The over-refusal rate only increases by 0.38%, which is highly acceptable in practical deployments. In contrast, simple keyword filtering increases the over-refusal rate by 5.2%.
The 23.7% inference overhead primarily stems from the additional forward passes of the classifiers, which can be further optimized via classifier quantization.

Highlights & Insights¶

The pipeline design of "Constitution -> Synthetic Data -> Classifier" is highly practical. Constitutional rules can be updated swiftly to counter new attacks without modifying the base model, which is of vital importance for rapid iteration in production.
The scale of the 3000+ hours of red teaming is impressive. Feeding red-team discoveries back into the training data to form a closed-loop improvement is a key mechanism for maintaining long-term safety.
The 0.38% over-refusal rate increase demonstrates that "strong safety does not necessarily sacrifice usability"—this challenges the previously widely held view of an irreconcilable trade-off between safety and usability.

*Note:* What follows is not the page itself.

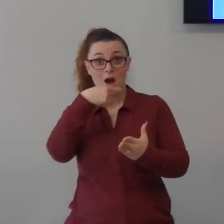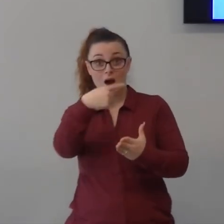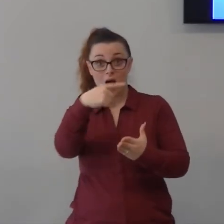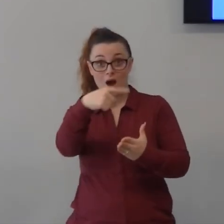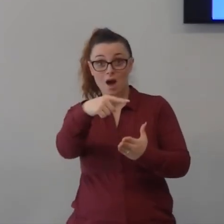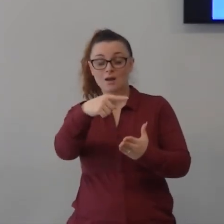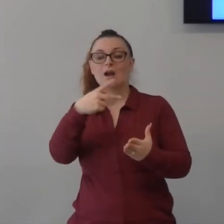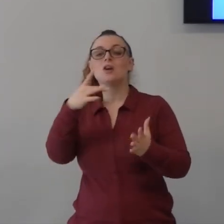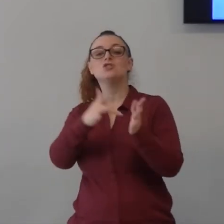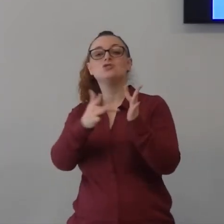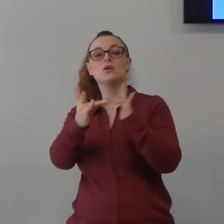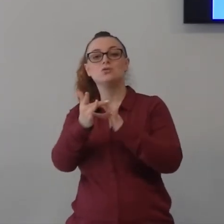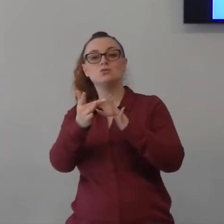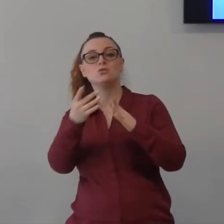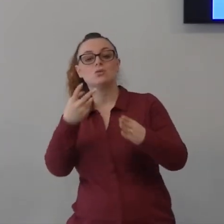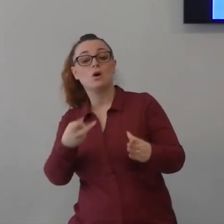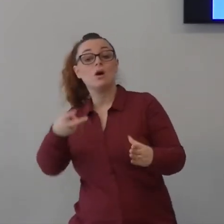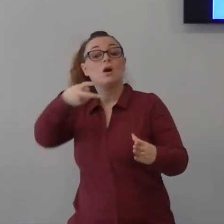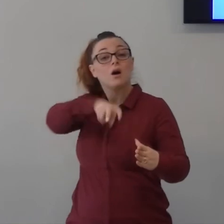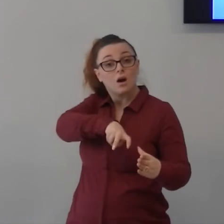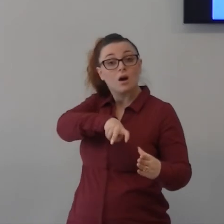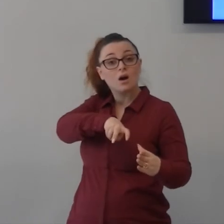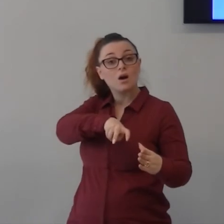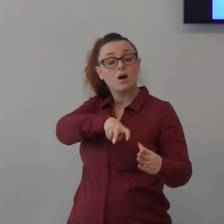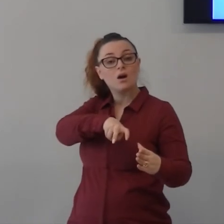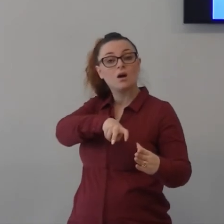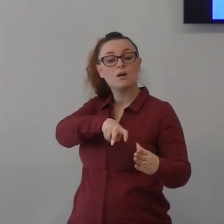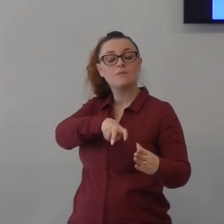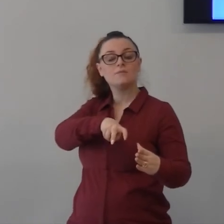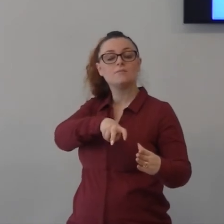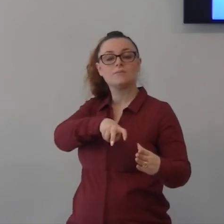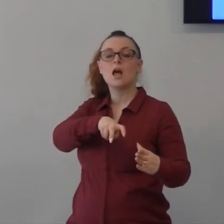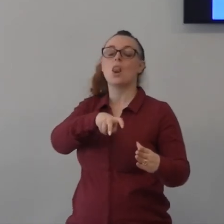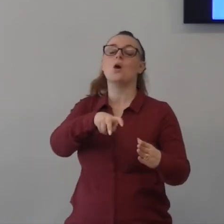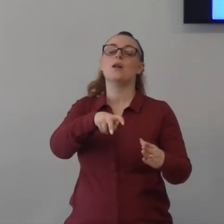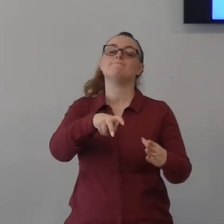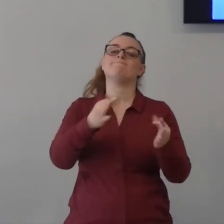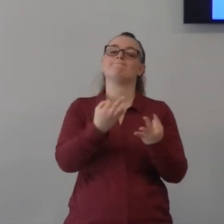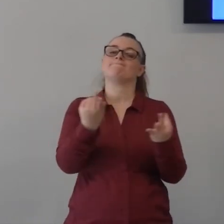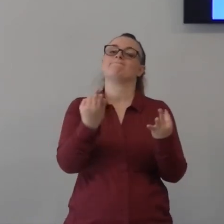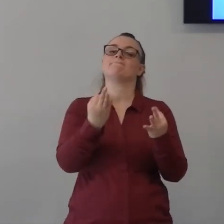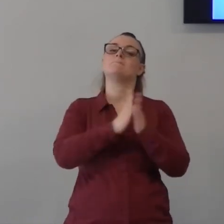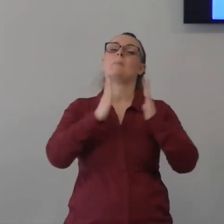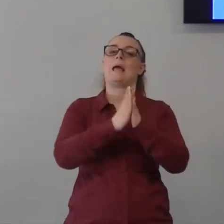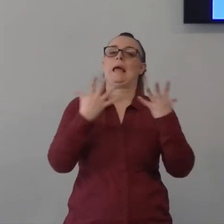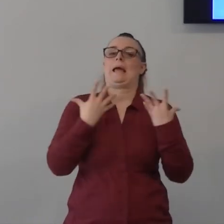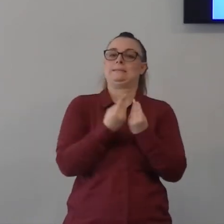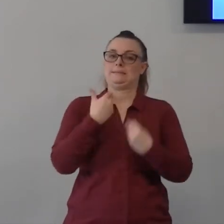entrare nella barca a Gesù nella barca della tua vita a Gesù prega assieme a te queste cose nel tuo cuore

Limitations & Future Work¶

As the authors are from Anthropic, the method might be specifically optimized for Claude models and its effectiveness may vary on other models.
The definition of constitutional rules relies on human judgment; the boundary of "harmful" may vary across different cultural and legal contexts.
The 23.7% inference overhead still impacts cost for large-scale deployments.
Although large-scale, red teaming cannot guarantee coverage of all possible attack strategies—safety remains an ongoing adversarial process.
The methodology primarily targets textual modalities; multimodal jailbreaks (e.g., using images to bypass safety) will require additional defense mechanisms.

vs Constitutional AI: Constitutional AI uses a constitution to guide the model's own behavior (during the training phase), whereas this work uses the constitution to generate training data for classifiers (during the inference phase). The two are complementary.
vs Llama Guard: Llama Guard is Meta's safety classifier but is based on small-scale human-annotated data. This work significantly increases coverage via synthetic data.
vs GCG/AutoDAN and other attacks: These are automated jailbreak attack methods; the classifiers presented in this paper need to be capable of defending against both these automated attacks and manual human adversarial attacks.

Rating¶

Novelty: ⭐⭐⭐⭐ The philosophy of constitution-driven synthetic data generation is innovative, and the large-scale red team validation marks a milestone.
Experimental Thoroughness: ⭐⭐⭐⭐⭐ Exceptionally thorough validation consisting of 3000+ hours of red teaming, automated evaluations, and ablation studies.
Writing Quality: ⭐⭐⭐⭐ Clear and comprehensive, offering a valuable reference for safety evaluation methodologies.
Value: ⭐⭐⭐⭐⭐ Highly directly applicable to LLM safety defenses, presenting a pragmatic and viable defense solution.